En una visita de María Luisa Fernanda y su familia, el párroco les explico la historia de los milagros de la Bendita Señora. El interés que despertó en esta familia fue tal, que se preocuparon de la restauración de la antigua ermita, pudiendo así volver la Virgen a su morada. Después, en el año 1882, vino desde Santiago de Compostela el Padre José Lerchundi para fundar un colegio de misioneros para marruecos y Tierra Santa. Él fue el primer franciscano que pisó las tierras de Chipiona.
 
Sanlúcar y los sanluqueños siempre permanecieron muy unidos a la devoción a la Virgen de Regla.
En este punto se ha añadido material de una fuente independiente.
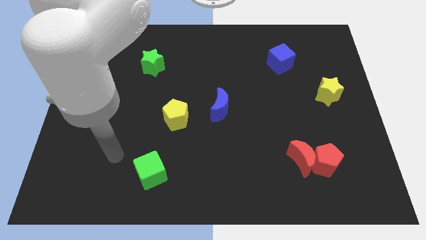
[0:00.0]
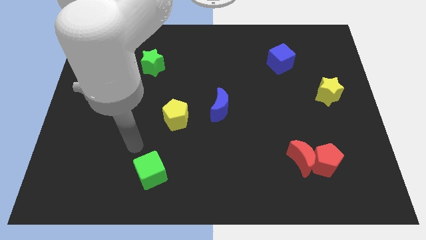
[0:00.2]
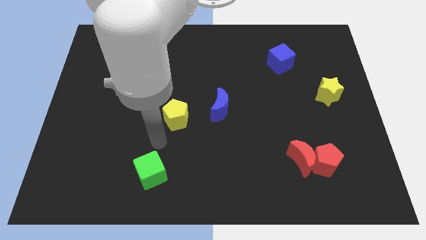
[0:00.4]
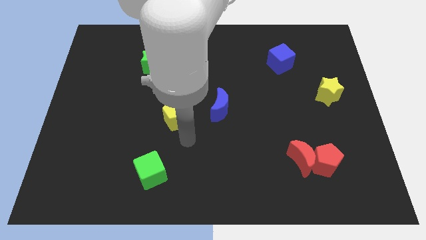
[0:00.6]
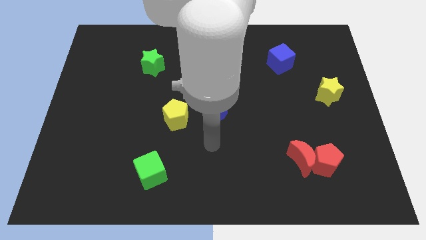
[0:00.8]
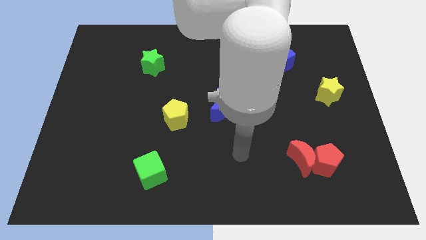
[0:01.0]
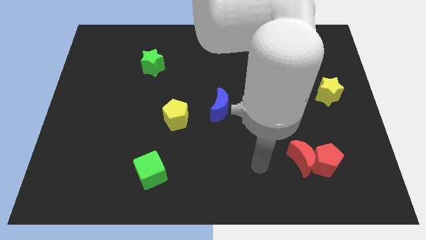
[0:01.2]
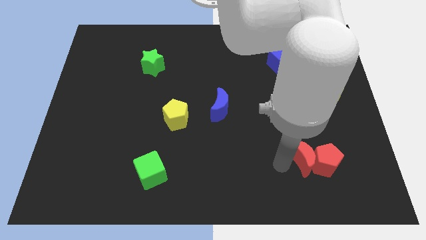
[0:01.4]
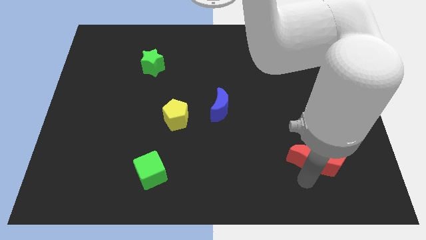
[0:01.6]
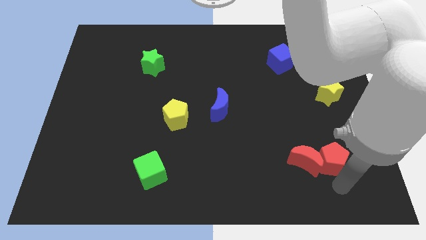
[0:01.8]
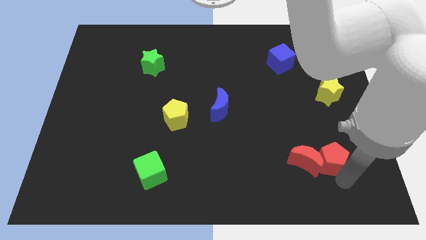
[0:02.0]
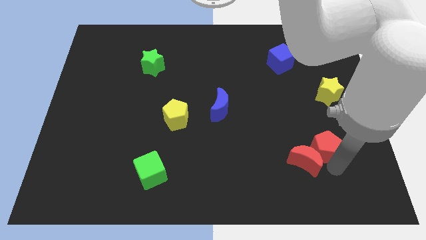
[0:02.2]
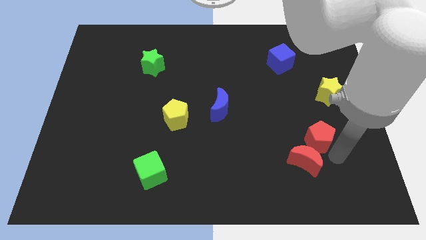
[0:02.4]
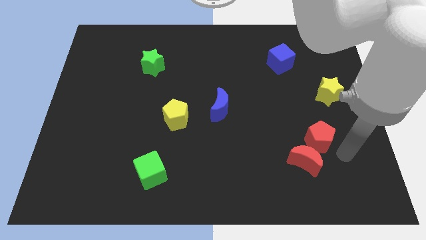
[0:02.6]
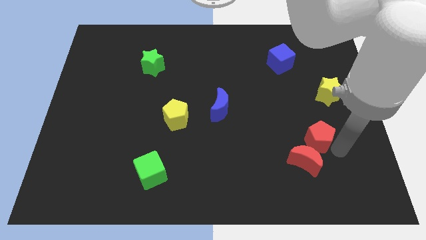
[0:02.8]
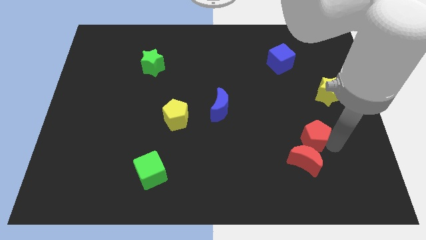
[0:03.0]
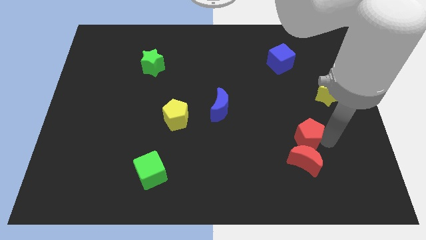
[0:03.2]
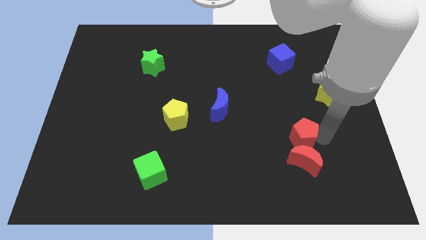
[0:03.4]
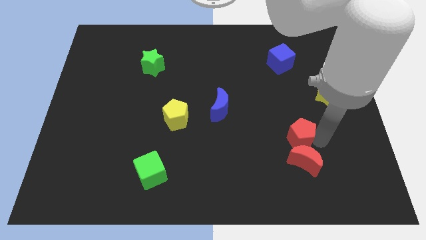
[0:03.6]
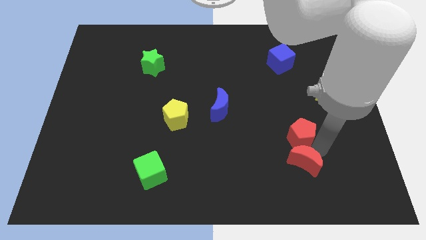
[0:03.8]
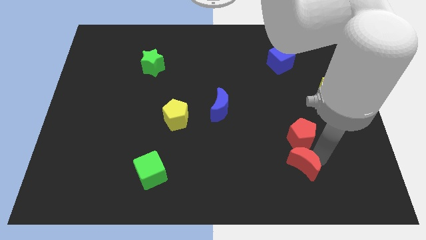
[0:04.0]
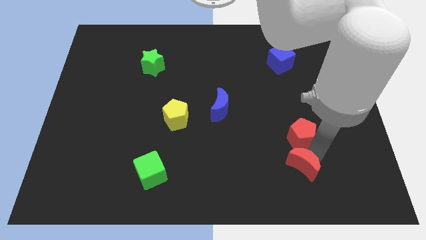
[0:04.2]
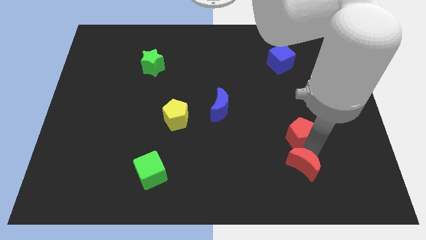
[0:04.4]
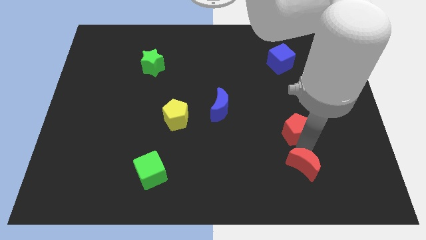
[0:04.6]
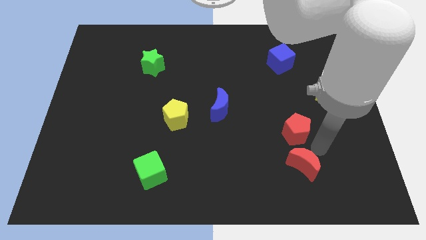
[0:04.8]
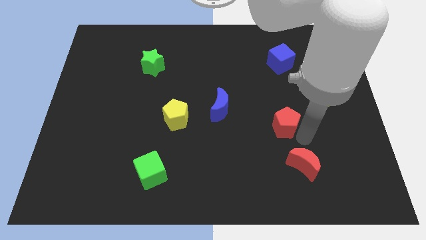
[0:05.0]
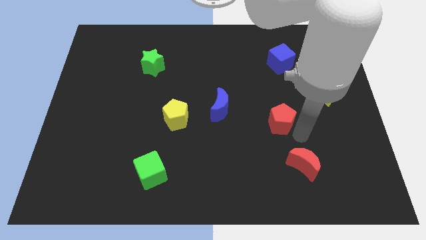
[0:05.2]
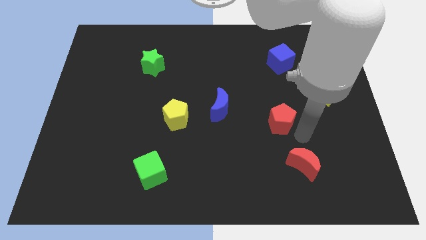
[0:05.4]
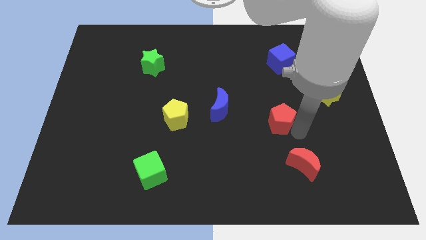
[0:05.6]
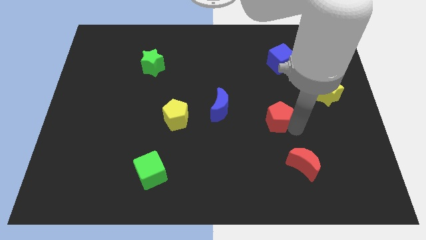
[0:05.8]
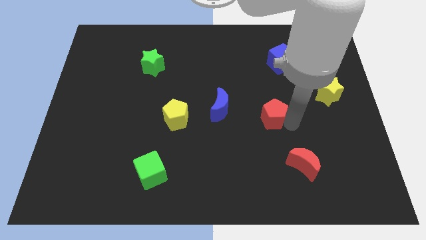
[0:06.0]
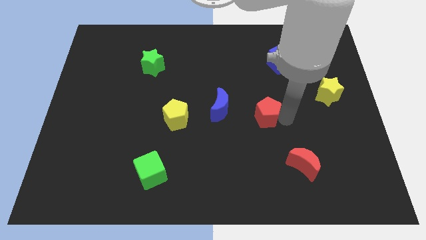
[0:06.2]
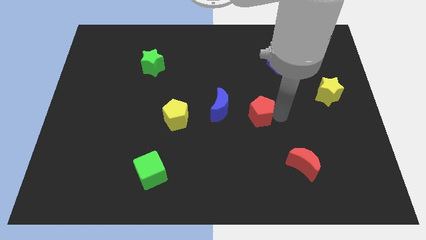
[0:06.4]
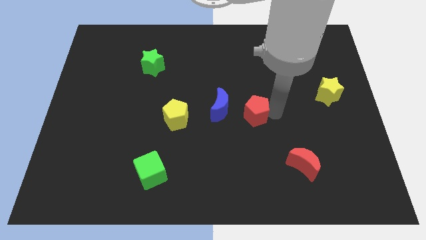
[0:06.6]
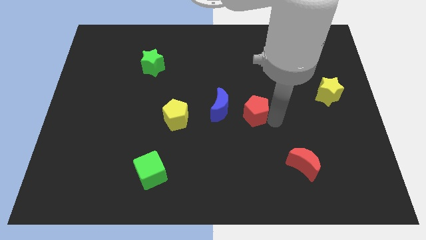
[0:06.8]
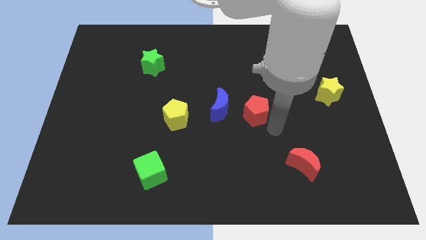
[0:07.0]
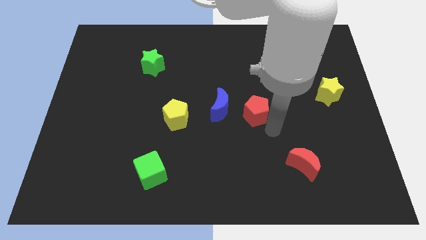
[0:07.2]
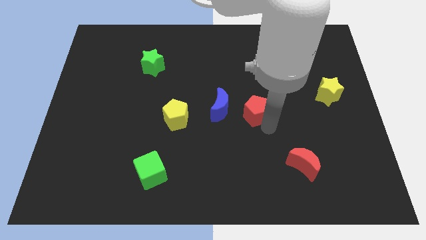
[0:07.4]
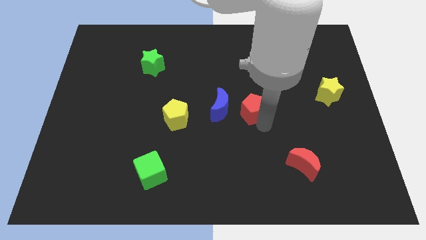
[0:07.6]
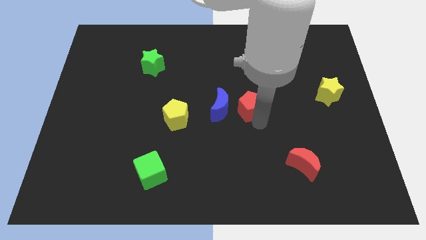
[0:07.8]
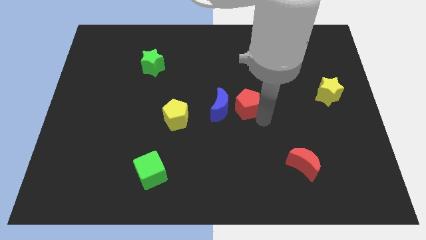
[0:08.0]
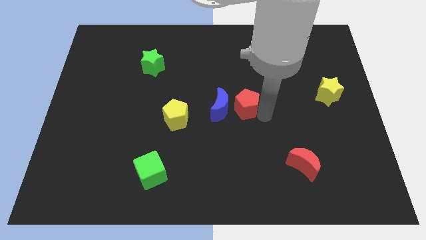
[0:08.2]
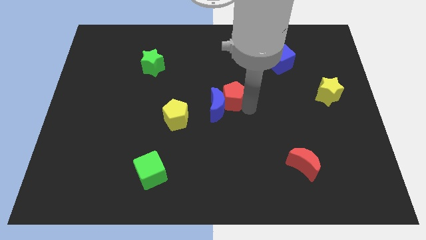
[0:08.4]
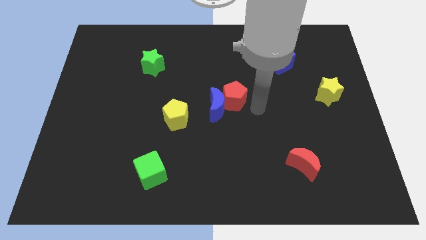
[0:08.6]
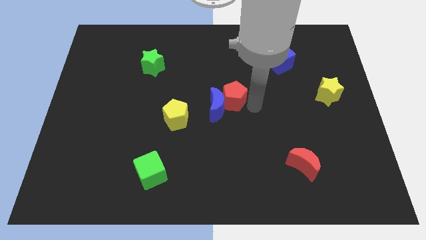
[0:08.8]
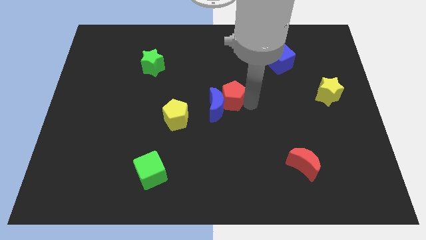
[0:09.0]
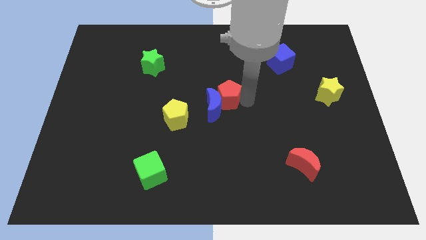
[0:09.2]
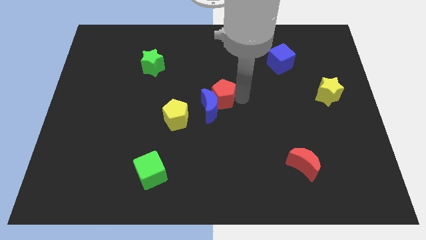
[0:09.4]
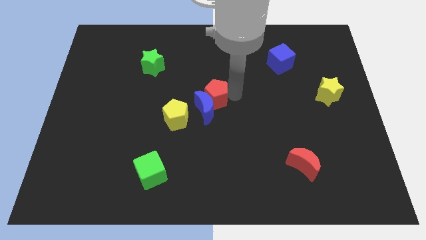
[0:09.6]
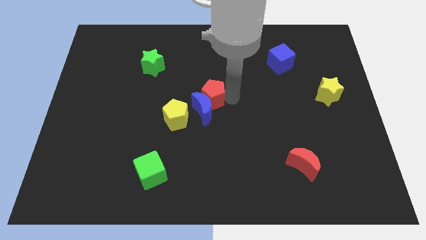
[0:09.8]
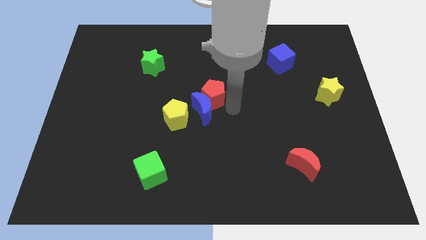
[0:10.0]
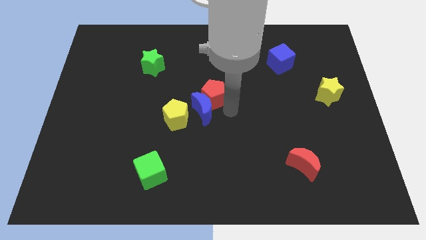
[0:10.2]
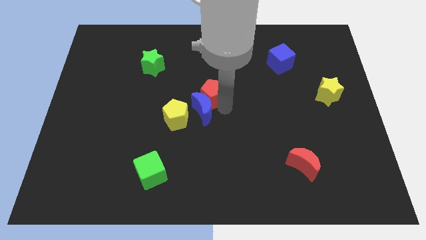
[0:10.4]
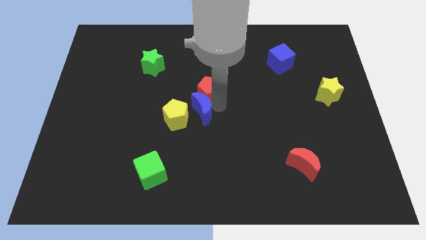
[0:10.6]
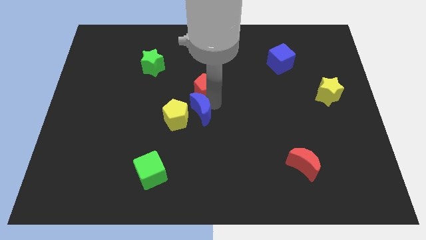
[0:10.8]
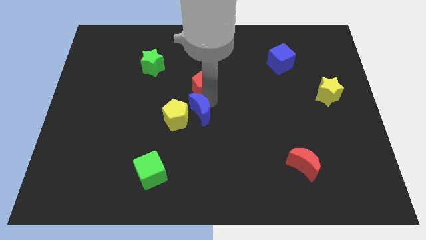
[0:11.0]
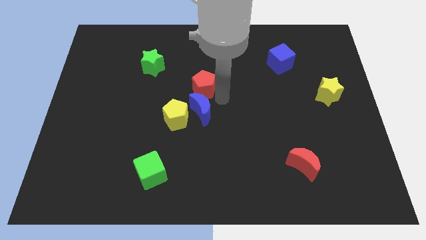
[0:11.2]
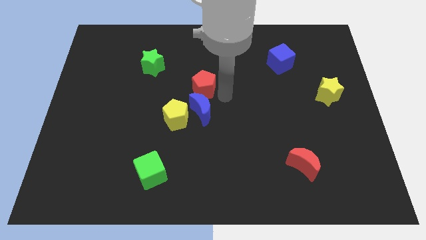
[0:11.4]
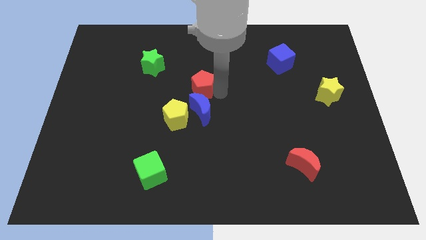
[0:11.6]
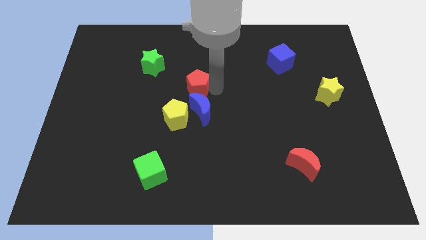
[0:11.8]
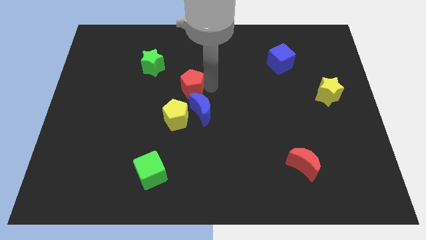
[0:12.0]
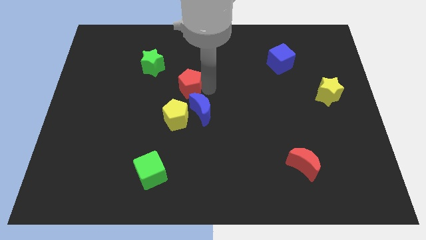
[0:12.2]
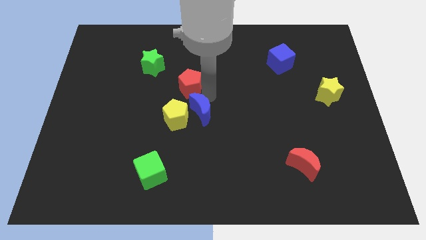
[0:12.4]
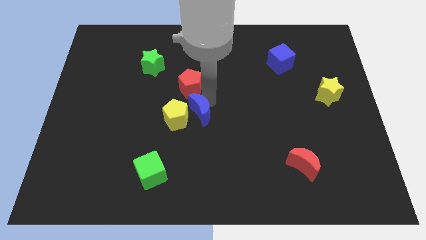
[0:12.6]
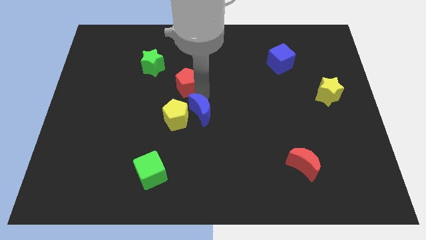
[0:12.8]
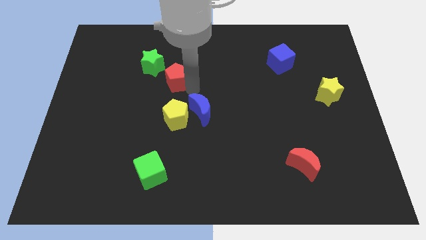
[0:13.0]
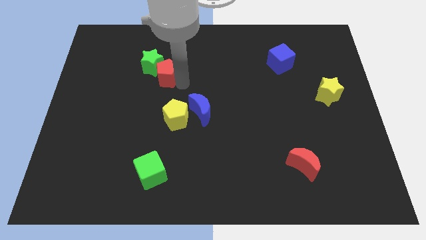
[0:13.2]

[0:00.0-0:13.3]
push the red pentagon to the green star

En 1656 se llevaron a la Señora a Sanlúcar en prevención por la presencia de la Escuadra Inglesa en las Costas de Chipiona.
 
Como caso curioso, y tal vez poco conocido, entresaco de las crónicas conventuales del convento de Capuchinos de Sanlúcar, el momento, en el año 1932, en el que entraron en dicho convento con la intención de saquearlo y quemarlo: “los cabecillas del asalto eran más borrachos que otra cosa y en unas horas se habían bebido todo el vino que habíamos acumulado, por lo que se salvó el santuario de Nuestra Señora de Regla, pues tenían el propósito de seguir a Chipiona para quemarlo”.
 
Gracias a las viñas y a los caldos del convento de capuchinos de Sanlúcar, nuestra Virgen de Regla sigue oyendo nuestras plegarias y amparándonos desde su santuario franciscano de Chipiona.
 
Quedó grabado mi devoción a la Señora el día de mi adolescencia que recibí el Sacramento de la Confirmación a sus plantas.
 
¿Dónde iré lejos de tu mirada, Bendita Señora? ¿Dónde iré que no te recuerde?
 
Ya lo sabes Señora, donde yo esté, tu vienes conmigo.